● Work to be completed
Below are the records. State how many of their lines hold the word "path", and add nothing else.

[Start of Attachment]

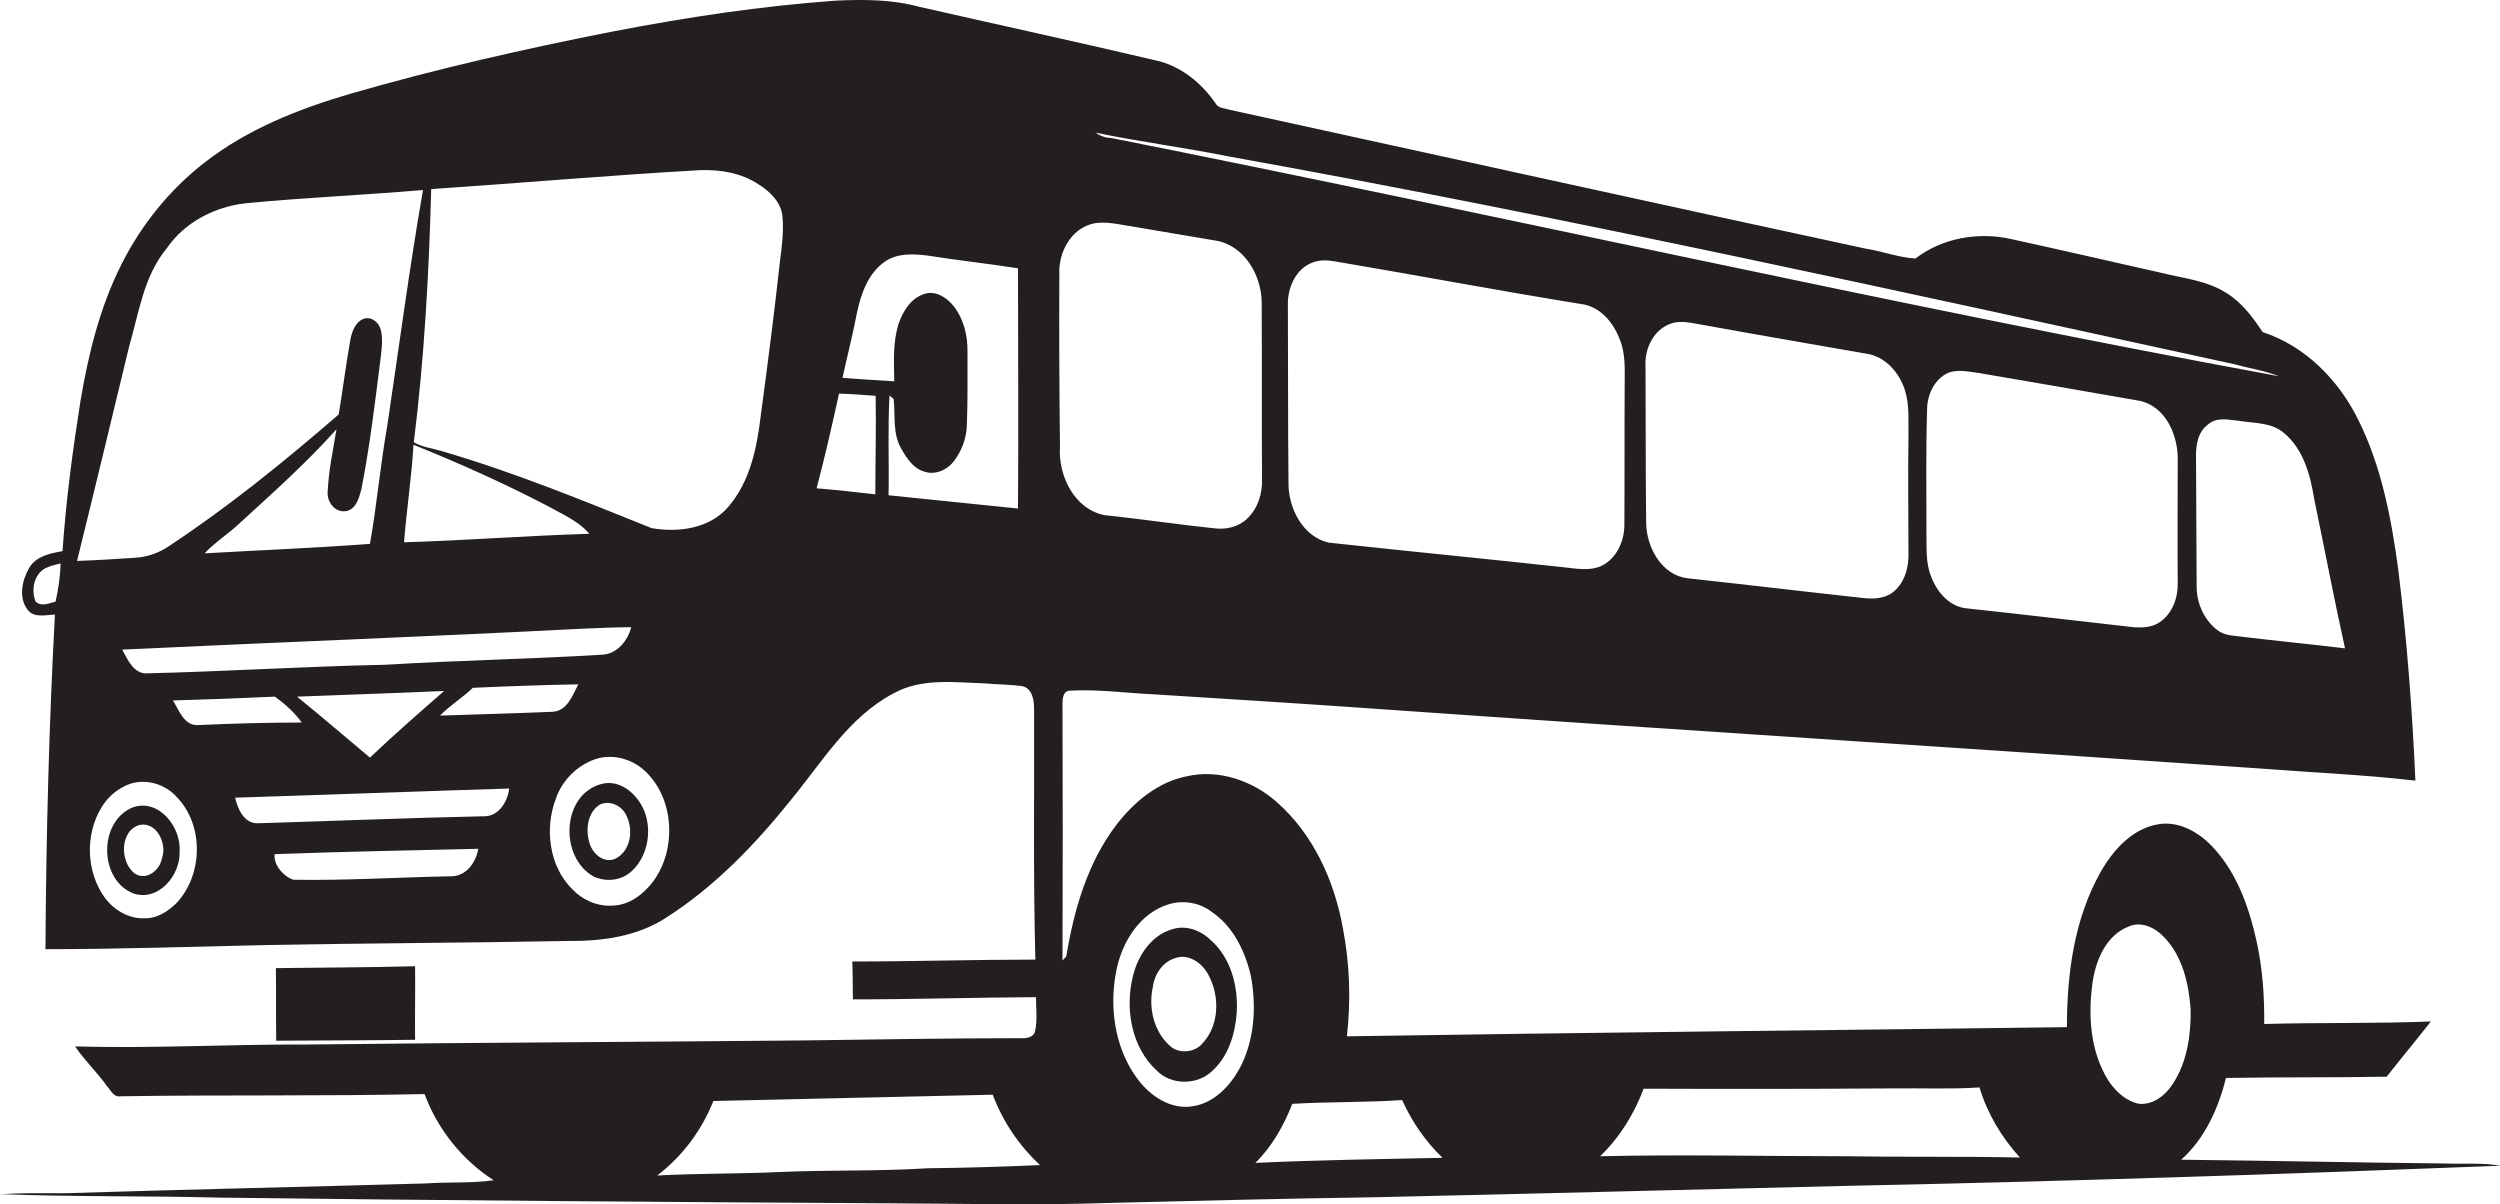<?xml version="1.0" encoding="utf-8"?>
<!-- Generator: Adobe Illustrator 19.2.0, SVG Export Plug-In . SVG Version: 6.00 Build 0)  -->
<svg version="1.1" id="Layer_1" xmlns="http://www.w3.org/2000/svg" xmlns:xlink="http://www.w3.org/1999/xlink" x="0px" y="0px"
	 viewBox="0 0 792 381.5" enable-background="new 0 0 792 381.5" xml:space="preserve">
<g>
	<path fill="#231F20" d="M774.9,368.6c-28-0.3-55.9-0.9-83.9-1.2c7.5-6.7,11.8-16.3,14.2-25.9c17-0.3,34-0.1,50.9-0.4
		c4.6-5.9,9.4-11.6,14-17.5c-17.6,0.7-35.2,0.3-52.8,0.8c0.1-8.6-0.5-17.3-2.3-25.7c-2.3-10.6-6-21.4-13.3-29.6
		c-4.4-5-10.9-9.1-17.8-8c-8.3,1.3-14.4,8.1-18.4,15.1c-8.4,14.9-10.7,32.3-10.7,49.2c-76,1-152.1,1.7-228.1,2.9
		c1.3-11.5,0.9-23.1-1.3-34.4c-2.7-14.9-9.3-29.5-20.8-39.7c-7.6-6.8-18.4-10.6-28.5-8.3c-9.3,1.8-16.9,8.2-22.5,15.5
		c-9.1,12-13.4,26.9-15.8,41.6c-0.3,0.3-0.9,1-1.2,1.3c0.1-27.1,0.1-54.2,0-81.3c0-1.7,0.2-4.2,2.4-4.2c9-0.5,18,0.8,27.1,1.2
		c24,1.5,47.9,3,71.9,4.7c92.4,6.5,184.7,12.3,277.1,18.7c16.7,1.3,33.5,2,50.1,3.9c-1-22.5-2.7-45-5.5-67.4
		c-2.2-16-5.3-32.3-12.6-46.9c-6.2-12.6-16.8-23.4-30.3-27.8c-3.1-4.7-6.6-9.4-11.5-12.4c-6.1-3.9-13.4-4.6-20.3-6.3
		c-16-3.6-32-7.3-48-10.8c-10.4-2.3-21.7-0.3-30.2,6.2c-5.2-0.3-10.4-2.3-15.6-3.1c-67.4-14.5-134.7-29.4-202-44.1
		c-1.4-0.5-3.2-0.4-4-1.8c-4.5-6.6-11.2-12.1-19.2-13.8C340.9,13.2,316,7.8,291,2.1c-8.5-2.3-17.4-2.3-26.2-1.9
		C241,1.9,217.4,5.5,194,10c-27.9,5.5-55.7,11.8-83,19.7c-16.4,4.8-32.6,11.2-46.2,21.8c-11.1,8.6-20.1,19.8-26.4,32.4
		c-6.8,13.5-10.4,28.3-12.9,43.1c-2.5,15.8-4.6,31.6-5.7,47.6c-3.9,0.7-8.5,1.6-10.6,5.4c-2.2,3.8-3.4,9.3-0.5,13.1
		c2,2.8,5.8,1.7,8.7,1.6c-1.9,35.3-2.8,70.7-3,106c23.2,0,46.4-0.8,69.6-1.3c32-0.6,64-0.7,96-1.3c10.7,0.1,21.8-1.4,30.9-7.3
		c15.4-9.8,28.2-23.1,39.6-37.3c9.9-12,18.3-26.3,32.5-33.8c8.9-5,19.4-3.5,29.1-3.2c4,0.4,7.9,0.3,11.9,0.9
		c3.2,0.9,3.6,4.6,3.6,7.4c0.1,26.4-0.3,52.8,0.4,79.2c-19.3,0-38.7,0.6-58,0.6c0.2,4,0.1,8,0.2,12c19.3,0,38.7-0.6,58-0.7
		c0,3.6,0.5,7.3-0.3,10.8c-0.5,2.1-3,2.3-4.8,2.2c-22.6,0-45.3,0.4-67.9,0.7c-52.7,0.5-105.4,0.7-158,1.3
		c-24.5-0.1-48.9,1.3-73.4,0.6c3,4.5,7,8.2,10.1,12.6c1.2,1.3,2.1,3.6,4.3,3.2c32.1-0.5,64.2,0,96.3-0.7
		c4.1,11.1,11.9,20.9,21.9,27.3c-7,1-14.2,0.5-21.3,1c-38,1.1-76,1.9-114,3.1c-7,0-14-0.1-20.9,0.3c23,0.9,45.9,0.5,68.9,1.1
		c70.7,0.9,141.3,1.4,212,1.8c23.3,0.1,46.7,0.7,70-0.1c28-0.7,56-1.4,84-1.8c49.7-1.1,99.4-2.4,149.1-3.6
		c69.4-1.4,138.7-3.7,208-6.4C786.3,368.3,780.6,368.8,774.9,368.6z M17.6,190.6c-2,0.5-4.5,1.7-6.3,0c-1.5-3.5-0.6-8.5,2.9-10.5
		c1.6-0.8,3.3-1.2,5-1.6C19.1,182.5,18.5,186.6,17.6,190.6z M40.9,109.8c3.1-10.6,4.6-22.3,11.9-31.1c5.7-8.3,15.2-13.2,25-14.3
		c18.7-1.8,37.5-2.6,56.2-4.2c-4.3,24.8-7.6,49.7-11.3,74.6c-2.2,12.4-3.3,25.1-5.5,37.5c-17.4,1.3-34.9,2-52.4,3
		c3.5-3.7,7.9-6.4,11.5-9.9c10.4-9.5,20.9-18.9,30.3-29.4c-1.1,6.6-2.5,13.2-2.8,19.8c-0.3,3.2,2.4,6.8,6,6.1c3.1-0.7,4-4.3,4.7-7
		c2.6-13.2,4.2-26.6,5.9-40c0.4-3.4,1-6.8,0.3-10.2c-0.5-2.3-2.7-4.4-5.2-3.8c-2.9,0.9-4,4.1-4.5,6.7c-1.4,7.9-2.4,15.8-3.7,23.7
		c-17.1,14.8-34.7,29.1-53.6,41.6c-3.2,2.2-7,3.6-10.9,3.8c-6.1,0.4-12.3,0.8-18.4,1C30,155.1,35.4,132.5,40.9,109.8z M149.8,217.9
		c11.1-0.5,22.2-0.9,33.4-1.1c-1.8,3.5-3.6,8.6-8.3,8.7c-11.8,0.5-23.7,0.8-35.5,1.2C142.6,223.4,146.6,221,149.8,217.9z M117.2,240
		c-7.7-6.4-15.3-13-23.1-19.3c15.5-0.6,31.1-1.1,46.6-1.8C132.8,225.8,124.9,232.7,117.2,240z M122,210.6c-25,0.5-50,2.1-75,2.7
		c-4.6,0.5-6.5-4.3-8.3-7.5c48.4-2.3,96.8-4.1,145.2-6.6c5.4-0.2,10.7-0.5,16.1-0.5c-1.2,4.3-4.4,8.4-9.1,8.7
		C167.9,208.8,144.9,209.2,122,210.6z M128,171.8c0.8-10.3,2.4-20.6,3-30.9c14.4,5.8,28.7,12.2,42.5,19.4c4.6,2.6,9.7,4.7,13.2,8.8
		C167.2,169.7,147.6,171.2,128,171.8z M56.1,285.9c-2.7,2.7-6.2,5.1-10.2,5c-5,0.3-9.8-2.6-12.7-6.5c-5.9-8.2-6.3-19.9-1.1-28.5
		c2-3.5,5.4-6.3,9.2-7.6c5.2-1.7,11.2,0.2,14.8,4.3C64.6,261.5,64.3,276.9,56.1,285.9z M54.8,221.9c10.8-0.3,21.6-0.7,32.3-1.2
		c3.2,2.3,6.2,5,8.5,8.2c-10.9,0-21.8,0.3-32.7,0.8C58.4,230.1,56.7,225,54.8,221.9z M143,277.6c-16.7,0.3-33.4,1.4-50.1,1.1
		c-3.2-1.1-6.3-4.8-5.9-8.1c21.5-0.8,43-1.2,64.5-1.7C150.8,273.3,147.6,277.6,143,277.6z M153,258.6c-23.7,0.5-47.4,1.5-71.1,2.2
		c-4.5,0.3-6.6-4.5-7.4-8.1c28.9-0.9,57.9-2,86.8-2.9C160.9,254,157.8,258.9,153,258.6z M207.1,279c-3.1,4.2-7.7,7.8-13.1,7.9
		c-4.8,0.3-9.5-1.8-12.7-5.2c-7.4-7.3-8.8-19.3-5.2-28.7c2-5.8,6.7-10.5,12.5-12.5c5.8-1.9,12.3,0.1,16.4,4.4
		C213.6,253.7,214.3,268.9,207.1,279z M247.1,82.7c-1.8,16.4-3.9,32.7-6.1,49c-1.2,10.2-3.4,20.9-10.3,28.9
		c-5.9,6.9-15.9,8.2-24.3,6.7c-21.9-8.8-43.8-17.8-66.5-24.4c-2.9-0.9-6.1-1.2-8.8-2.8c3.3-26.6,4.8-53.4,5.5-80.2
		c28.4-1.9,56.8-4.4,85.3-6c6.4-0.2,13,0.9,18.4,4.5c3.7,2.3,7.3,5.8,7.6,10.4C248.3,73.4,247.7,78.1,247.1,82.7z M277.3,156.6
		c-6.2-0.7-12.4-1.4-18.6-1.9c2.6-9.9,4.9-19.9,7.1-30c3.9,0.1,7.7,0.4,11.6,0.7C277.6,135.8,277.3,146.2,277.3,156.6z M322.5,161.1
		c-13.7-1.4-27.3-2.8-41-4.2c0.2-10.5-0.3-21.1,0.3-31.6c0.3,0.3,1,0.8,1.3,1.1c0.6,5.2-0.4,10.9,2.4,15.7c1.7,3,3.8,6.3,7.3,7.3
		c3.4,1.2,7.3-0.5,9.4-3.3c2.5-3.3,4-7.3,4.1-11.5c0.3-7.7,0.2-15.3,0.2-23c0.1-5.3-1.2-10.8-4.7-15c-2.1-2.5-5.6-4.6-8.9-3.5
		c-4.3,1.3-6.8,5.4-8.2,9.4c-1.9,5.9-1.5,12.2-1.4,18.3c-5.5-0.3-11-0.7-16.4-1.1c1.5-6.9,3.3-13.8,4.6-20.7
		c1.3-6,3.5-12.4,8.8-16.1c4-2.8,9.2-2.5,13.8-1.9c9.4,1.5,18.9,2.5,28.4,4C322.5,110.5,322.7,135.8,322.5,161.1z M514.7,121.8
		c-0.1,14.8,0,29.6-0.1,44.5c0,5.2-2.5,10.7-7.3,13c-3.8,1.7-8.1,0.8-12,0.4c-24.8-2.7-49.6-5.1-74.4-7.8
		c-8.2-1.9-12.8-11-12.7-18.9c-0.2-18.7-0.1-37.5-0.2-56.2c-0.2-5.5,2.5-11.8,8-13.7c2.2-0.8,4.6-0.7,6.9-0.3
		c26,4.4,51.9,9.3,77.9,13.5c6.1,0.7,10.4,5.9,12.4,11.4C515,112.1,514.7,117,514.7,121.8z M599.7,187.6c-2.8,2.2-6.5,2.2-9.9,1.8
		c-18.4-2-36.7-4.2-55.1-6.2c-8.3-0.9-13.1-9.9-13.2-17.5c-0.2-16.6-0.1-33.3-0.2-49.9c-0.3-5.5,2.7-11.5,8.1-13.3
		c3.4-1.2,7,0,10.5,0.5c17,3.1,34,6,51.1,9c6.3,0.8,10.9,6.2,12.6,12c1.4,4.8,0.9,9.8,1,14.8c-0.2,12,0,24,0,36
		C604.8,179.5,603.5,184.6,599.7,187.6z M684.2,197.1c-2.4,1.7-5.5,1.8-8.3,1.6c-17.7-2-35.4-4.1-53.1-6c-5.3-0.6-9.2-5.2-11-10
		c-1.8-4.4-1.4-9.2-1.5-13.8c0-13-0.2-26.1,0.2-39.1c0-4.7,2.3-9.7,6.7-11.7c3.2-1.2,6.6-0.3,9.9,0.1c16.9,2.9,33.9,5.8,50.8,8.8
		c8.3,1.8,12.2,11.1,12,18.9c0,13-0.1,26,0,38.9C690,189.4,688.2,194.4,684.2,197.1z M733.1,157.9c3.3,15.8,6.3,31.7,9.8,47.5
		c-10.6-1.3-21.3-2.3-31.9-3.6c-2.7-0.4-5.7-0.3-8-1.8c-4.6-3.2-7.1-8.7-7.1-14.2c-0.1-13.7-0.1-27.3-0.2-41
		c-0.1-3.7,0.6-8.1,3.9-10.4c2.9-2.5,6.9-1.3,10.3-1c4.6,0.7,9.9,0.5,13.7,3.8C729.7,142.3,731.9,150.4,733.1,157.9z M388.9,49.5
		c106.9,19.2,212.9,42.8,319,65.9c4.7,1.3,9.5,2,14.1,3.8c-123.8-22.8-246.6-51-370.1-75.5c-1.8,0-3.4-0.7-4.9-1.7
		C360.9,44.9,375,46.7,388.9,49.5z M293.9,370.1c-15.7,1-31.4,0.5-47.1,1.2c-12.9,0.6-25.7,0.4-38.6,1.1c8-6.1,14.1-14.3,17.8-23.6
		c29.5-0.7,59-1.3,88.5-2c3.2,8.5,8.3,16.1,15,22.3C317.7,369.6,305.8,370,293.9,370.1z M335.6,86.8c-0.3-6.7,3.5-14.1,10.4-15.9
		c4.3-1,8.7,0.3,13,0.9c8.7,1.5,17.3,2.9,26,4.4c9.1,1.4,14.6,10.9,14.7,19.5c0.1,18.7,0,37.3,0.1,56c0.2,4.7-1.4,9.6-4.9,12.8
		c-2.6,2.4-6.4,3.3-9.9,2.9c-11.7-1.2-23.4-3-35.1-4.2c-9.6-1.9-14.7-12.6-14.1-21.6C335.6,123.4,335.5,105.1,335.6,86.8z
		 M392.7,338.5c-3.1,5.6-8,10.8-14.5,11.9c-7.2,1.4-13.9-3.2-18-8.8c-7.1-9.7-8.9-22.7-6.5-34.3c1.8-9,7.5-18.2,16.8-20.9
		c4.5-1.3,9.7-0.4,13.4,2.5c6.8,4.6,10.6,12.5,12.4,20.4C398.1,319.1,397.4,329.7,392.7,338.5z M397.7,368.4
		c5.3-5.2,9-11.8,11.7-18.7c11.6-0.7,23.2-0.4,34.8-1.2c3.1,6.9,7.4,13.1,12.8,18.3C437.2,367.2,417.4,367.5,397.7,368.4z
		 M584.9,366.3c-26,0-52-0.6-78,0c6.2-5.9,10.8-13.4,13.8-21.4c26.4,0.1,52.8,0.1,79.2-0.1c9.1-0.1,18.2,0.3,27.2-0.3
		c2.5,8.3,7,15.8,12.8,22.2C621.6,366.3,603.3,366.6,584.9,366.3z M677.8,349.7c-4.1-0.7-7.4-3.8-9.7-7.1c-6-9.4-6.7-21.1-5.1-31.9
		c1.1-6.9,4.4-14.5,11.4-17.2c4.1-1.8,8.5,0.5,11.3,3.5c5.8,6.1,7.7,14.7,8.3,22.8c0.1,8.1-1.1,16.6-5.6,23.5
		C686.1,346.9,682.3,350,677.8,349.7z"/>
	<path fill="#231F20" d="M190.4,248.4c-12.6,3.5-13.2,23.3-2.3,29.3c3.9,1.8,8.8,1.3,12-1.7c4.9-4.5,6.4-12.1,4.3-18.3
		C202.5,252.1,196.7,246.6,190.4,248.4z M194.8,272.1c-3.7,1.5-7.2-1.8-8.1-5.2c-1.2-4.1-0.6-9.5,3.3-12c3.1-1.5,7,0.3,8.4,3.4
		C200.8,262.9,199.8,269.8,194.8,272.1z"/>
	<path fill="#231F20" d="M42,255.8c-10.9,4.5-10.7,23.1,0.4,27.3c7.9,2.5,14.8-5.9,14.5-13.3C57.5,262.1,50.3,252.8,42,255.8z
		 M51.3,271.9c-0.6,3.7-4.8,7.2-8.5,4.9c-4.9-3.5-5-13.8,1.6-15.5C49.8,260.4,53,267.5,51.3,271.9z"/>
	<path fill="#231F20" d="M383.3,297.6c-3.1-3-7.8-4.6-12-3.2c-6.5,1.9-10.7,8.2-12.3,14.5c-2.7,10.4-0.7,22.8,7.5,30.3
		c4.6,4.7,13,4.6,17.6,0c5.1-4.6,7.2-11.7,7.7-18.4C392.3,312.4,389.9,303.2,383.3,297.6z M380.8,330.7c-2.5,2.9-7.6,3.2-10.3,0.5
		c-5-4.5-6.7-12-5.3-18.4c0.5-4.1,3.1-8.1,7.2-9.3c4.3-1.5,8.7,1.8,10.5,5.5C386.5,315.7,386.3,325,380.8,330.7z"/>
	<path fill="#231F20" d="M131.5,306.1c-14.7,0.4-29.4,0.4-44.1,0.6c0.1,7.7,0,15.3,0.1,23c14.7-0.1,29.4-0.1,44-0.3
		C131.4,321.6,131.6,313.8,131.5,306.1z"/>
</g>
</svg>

[End of Attachment]

● Written reply
5